We began affectionately calling it the "man van."
The "man van" was a great purchase and really helped when we needed to haul students on trips. The Reverend quickly realized that he could also haul "man stuff" and I would regularly find plywood or leaf blowers, or table-saws shoved in the back hatch.
One time, he even squished four ready-to-plant fruit trees in the back and made me drive it home. It was similar to being on a safari.
Chance used the van to its fullest, but he always took good care of it. It was clean and maintained.
Shortly after we moved to Athens though, Chance decided he didn't need to haul grown-ups in the same way that he hauled kids, so the van became mine, and he bought a shiny truck (because that's what men do here in Athens). And thus, my dreams of being the SUV mom were once again shattered.
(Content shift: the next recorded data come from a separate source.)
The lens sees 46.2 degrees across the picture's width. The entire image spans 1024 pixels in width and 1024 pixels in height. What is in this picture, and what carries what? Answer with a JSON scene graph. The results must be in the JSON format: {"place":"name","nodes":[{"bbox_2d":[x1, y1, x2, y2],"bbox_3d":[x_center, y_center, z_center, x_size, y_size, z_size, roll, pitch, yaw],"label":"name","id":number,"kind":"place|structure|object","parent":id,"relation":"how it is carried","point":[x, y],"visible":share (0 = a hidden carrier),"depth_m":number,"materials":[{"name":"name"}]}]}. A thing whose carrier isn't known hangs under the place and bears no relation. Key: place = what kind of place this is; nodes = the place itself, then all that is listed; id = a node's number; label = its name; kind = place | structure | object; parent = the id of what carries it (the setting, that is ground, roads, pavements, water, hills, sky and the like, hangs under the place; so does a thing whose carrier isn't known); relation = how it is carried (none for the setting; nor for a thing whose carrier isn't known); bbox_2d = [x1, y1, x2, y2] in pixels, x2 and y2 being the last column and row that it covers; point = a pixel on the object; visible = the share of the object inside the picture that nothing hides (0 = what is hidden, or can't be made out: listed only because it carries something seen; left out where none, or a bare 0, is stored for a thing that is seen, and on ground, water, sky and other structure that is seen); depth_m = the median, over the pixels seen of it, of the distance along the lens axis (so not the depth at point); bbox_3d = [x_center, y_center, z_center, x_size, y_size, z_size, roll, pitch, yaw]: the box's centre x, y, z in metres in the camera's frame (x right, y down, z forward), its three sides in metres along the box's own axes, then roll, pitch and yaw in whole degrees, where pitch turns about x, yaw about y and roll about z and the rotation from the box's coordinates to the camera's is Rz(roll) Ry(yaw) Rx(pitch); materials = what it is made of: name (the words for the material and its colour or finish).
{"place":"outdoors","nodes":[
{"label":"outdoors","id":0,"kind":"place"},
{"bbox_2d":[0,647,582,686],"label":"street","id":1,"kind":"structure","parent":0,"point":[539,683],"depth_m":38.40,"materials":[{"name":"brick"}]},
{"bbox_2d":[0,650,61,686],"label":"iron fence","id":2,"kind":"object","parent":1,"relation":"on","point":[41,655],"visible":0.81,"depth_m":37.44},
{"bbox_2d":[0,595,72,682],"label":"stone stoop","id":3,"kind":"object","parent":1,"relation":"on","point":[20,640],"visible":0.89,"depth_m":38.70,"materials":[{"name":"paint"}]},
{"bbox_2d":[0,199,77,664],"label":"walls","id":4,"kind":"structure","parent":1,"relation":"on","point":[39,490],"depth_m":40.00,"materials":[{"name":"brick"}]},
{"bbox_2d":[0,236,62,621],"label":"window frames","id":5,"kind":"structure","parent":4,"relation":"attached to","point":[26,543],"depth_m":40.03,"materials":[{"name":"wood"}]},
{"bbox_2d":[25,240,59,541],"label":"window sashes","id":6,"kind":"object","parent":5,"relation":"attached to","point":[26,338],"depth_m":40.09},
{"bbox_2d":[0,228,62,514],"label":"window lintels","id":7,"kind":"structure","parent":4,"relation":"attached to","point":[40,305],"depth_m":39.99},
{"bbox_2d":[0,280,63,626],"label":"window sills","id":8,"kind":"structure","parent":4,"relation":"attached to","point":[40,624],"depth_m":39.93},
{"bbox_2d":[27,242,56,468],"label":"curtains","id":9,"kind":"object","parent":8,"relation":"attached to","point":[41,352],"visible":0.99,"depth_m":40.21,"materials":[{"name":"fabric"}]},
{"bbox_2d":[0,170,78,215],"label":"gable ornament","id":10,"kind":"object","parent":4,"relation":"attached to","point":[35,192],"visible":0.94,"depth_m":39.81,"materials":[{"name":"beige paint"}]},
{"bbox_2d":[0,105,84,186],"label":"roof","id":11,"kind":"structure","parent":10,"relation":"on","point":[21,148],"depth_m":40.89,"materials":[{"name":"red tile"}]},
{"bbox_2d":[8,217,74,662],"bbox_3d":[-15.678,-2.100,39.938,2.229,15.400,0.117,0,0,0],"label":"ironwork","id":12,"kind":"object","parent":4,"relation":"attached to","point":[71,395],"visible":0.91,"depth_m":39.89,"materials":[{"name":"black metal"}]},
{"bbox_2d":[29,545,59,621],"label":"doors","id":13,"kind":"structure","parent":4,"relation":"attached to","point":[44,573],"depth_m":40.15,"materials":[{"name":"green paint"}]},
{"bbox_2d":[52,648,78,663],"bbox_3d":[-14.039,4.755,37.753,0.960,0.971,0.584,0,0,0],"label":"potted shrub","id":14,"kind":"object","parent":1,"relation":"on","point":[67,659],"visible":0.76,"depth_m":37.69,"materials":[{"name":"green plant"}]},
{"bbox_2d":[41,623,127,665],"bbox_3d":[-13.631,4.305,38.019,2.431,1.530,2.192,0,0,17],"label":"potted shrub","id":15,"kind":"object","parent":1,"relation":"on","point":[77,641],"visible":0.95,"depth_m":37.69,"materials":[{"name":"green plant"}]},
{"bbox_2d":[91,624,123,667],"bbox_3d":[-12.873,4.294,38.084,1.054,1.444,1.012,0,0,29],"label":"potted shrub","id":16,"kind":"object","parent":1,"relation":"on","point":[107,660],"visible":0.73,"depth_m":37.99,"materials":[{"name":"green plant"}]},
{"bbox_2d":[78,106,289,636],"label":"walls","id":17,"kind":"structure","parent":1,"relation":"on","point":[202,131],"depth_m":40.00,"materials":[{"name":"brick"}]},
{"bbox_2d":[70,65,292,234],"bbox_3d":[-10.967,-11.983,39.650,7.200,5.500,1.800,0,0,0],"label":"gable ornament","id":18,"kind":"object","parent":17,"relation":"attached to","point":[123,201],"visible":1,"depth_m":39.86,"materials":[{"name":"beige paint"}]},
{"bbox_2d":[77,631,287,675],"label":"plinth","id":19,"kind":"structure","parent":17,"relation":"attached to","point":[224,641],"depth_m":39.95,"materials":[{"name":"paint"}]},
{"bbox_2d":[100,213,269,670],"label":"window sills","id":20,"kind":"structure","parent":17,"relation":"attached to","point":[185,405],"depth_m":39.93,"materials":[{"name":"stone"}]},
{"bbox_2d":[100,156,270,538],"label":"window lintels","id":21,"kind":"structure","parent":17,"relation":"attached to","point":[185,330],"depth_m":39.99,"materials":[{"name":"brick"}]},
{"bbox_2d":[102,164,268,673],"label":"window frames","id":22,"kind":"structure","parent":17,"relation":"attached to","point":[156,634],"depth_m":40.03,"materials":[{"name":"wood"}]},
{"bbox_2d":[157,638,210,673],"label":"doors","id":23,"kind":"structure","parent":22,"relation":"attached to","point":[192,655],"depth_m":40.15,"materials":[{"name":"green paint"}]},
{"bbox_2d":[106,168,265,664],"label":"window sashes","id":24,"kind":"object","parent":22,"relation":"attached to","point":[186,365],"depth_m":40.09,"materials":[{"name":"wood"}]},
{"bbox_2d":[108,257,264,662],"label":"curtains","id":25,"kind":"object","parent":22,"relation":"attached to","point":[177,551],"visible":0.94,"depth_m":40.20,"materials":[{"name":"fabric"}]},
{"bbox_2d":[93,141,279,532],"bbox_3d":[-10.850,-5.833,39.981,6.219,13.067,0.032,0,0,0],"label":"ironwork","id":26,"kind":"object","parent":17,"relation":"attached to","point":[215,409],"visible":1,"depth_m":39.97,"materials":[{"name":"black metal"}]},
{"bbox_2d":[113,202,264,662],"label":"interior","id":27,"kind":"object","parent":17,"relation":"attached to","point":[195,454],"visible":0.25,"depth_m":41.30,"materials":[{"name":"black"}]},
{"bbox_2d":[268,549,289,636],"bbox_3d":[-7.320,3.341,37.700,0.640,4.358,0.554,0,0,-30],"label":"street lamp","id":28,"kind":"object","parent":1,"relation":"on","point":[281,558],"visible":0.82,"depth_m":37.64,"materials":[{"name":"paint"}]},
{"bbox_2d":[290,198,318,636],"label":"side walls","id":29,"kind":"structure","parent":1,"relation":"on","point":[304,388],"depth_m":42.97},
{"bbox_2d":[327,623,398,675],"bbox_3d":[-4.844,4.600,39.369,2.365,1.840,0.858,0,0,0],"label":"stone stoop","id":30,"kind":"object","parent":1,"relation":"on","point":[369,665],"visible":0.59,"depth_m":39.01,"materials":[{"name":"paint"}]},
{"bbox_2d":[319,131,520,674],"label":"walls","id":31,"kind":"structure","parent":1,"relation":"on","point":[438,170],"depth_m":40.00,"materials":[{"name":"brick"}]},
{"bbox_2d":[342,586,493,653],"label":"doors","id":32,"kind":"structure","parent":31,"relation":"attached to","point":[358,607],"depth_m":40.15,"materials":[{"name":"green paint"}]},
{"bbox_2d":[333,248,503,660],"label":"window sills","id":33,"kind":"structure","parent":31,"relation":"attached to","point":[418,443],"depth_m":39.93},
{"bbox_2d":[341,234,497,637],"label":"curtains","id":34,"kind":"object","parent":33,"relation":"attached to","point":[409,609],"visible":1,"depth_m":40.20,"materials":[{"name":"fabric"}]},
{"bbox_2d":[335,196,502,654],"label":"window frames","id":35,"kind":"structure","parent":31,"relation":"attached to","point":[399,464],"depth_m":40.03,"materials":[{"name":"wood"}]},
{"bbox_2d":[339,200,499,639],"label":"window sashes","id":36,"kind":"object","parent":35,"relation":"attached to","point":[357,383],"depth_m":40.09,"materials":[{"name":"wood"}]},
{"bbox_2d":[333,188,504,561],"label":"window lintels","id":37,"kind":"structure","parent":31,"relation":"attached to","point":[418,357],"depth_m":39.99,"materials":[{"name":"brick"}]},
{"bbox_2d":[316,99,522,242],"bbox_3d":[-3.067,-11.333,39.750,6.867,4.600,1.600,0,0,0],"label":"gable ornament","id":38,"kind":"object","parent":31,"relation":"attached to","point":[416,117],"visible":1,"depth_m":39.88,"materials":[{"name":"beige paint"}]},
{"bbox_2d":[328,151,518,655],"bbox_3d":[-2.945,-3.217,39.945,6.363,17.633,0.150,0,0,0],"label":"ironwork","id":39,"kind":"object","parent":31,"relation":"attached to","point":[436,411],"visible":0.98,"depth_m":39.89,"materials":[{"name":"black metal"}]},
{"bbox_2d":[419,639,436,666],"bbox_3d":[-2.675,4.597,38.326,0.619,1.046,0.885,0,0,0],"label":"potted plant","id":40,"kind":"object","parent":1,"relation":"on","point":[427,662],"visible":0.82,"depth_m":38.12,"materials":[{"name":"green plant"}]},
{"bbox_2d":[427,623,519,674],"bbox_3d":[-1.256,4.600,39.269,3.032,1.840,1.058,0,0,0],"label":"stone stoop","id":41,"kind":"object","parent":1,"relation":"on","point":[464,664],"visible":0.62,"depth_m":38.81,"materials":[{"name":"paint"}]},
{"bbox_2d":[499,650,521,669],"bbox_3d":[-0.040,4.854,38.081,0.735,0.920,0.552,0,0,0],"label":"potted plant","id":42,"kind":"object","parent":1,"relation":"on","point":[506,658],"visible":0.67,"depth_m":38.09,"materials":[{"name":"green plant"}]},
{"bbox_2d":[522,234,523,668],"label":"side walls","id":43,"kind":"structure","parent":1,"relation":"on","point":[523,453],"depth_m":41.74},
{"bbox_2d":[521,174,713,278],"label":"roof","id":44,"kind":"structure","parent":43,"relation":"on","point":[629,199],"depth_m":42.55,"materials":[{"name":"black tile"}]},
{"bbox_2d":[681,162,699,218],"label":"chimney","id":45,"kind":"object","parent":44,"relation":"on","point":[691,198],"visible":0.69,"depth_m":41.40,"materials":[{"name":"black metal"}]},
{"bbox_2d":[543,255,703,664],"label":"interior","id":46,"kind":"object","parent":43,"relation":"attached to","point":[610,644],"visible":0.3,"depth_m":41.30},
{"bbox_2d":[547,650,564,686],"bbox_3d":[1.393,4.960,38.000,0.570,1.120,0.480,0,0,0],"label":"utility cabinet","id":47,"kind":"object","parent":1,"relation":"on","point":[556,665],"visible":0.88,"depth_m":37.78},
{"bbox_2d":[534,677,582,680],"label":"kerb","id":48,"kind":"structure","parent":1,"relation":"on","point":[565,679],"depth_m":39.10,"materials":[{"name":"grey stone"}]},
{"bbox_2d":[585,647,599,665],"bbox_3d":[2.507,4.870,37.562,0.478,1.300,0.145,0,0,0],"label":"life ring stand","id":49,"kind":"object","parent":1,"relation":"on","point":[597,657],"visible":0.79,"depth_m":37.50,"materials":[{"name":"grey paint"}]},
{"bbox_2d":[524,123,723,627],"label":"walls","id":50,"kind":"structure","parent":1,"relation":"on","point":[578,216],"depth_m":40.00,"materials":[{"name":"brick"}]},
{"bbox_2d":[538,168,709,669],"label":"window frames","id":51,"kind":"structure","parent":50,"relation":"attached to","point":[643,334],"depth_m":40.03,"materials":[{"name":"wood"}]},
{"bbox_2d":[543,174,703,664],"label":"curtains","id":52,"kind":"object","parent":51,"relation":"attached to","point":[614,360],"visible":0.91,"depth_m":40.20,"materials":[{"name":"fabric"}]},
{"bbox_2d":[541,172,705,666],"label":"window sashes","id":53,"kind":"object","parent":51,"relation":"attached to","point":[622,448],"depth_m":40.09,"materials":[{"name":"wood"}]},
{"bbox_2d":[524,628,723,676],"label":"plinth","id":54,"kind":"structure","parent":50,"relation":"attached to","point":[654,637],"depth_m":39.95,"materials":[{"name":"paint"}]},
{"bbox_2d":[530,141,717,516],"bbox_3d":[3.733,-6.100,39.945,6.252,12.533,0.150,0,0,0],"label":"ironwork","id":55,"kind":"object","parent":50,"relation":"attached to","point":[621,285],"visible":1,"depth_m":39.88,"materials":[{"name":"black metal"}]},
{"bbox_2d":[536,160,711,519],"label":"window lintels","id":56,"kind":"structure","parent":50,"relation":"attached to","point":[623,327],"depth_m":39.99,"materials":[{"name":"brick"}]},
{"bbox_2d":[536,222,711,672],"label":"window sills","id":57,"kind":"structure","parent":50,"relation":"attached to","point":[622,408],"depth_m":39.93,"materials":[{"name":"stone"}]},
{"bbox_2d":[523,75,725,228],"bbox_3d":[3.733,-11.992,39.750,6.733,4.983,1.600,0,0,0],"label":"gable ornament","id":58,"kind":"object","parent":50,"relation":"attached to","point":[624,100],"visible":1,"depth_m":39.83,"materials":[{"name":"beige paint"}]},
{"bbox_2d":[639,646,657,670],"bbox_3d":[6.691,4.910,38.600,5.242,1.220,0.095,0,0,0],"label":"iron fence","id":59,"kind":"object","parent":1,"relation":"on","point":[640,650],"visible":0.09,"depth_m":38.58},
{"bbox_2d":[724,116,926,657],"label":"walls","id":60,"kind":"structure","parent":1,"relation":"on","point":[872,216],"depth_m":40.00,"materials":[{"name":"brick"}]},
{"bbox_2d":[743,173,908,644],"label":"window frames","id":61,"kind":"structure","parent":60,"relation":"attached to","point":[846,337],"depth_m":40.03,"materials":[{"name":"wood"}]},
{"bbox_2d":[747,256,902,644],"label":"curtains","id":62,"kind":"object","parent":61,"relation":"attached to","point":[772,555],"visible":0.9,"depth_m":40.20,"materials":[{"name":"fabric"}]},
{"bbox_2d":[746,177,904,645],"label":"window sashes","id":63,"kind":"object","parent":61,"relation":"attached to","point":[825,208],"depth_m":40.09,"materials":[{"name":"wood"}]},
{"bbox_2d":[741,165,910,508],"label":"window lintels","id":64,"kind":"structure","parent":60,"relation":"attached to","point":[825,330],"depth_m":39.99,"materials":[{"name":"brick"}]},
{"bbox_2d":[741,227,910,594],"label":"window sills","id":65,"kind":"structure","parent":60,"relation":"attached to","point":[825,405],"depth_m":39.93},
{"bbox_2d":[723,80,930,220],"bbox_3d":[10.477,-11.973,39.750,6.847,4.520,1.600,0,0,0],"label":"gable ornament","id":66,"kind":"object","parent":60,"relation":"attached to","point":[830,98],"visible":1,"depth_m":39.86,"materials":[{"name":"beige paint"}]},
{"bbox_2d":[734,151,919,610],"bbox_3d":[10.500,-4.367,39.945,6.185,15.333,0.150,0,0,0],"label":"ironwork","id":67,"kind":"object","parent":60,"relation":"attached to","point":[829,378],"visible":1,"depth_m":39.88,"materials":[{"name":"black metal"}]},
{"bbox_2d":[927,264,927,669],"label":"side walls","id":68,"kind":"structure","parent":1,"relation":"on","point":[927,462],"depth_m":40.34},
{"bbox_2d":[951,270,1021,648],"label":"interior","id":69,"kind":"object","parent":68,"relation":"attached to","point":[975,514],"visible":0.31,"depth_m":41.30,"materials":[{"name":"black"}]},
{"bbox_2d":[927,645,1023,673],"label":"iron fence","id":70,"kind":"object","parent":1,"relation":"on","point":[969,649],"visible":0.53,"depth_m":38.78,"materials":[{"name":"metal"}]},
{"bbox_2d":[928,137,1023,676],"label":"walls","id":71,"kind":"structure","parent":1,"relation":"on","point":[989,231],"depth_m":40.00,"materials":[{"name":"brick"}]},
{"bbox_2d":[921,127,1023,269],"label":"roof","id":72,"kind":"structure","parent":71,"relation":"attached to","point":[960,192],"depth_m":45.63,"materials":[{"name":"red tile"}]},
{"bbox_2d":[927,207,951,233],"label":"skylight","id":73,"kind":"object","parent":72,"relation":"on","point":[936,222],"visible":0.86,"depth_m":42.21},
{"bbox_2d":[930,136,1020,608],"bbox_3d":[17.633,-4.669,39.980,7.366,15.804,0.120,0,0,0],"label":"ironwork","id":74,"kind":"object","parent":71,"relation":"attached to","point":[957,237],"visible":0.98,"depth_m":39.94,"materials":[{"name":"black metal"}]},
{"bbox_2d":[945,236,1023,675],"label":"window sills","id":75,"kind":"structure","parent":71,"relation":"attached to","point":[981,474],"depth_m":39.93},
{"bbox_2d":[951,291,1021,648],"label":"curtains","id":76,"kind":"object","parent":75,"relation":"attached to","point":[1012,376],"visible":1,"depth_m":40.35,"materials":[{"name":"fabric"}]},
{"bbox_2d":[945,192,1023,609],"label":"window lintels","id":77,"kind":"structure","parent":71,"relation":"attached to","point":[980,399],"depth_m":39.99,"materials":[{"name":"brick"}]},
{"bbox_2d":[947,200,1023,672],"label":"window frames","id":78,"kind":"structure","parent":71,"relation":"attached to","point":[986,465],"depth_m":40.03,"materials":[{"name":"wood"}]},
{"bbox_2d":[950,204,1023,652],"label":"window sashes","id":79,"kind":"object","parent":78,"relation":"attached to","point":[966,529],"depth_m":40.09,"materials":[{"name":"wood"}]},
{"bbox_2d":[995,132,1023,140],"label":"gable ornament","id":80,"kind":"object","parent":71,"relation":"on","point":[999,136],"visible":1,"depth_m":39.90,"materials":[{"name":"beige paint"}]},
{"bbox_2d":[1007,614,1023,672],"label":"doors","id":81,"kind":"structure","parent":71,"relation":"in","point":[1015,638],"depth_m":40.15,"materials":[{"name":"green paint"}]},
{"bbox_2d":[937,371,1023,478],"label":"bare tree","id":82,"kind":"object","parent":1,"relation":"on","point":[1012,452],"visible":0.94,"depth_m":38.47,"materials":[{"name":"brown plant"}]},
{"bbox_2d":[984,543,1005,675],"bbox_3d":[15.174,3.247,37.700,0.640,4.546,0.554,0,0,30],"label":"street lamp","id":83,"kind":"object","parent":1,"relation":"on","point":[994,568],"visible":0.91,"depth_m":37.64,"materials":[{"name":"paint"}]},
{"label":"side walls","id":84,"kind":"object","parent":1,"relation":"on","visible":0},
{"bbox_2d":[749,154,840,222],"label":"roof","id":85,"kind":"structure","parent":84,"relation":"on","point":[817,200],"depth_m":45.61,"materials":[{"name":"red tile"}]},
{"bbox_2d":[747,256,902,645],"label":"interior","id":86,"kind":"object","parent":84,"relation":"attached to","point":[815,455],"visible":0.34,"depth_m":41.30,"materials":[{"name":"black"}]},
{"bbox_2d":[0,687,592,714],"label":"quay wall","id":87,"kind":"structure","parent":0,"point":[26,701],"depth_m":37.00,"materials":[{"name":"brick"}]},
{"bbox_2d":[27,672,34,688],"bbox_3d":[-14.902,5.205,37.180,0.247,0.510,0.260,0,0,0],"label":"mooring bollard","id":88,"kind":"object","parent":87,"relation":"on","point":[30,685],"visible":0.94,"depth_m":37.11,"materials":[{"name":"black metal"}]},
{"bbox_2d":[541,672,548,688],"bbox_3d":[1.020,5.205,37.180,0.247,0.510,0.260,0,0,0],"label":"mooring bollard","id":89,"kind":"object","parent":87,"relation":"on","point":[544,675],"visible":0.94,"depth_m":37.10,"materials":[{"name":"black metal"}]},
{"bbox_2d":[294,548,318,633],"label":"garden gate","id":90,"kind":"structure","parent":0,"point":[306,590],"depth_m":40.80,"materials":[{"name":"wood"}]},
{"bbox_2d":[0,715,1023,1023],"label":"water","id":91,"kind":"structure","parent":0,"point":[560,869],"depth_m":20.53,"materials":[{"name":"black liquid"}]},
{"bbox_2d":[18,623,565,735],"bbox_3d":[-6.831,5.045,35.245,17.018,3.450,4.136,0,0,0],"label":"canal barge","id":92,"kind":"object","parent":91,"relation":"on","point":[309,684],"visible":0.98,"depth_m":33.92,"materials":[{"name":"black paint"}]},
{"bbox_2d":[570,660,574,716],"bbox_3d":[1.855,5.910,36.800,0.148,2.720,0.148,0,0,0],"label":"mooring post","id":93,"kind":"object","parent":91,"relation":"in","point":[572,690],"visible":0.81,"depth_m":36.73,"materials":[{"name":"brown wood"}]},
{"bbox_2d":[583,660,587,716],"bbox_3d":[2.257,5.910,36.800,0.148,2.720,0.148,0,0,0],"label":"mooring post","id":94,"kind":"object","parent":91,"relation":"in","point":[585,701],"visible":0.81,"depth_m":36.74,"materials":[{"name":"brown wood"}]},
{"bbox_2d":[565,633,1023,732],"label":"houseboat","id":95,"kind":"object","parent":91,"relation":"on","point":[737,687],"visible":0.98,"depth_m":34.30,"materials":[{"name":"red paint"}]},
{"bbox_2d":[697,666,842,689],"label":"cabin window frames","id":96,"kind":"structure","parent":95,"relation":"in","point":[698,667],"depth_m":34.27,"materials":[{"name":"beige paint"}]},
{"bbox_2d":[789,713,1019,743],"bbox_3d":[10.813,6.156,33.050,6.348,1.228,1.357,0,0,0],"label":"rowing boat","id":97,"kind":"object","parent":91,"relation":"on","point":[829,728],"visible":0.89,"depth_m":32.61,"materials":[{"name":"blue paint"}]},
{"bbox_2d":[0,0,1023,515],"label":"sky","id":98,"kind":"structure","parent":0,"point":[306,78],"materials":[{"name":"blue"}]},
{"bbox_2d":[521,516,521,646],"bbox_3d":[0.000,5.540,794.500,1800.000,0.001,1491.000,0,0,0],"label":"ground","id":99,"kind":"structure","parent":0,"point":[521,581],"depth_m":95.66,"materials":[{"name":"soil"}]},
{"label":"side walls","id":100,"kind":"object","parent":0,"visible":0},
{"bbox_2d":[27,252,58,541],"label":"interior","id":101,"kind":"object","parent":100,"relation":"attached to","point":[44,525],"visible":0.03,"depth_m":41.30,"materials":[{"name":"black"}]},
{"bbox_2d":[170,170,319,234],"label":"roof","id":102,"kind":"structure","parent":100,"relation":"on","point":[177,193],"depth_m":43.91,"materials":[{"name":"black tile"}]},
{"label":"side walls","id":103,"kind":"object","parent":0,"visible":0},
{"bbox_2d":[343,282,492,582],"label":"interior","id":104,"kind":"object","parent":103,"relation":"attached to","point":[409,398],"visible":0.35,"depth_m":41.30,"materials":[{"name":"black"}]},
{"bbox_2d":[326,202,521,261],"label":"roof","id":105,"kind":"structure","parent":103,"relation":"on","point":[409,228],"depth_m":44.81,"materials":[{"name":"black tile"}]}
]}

Now, many of you only know me via the blog world or have never been given the opportunity to ride in our van. You all may be picturing a shiny, well-taken care of mini van sitting in the driveway. We just seem like people who, you know, have it all together. I know you are thinking, "Those Newinghams are great stewards of God's gifts. It's nice that they've had that same minivan for 6 years."
While Chance was driving it, that may have been true. But now that I'm the primary driver...
For the sake of shattering Pinterest Envy, I plan to share the reality of my van here on the blog.
Let me take you on a brief tour:
This crack was probably the beginning of the damage and neglect to our van. The crack has grown over time, but began when a rock hit the windshield around FOUR YEARS AGO. I've always had great intentions of having insurance replace the windshield, but I have never gotten around to it. Recently though, something else happened, and I no longer think insurance will cover the replacement –
And thus the second stop on our tour...
(By the way, do you know how hard it is to photograph a windshield?!)
You might think that this shattered area is the result of another rock, but you would be very wrong my friends...
This crack originates from the INSIDE. A few months ago, the Reverend was attempting to haul some long boards, and he put them inside of a long carpet tube. As he was loading them in the Menards parking lot, one of the 2x4s slid down the tube and came to a stop only after cracking my windshield.
Yeah, no insurance is going to cover that...
Since I'm already picking on the Reverend, the next stop will also show damage done by him:
That is a dent. In the back of the van. Caused by Chance running into my grandmother's mailbox.
The sad thing is that I, the primary driver of this vehicle, did not notice the dent for over two month. It just sort of blends in with all the other dents, knicks and bugs...
If you can get past the filth, you might be able to see an visual illustration of what happens when you don't pull your van far enough into the garage before closing the door. Ahem, twice.
Yup. That was all me. Both times.
This post doesn't even highlight the kool-aid stain I can't seem to remove or the fact that I typically wait until I'm at least 5,000 miles past due before getting an oil change. It also doesn't show the pictures I took when my oldest spilled a whole bag of sunflower seeds in his car seat and I neglected to clean them up for three whole weeks.
Friends, my mini van does not, I repeat, does not induce any kind of Pinterest Envy.
What about you? Are your vehicles a priority? Do they remain spotless and pristine? Or would you, like me, benefit from a Pinterest board full of car maintenance tips?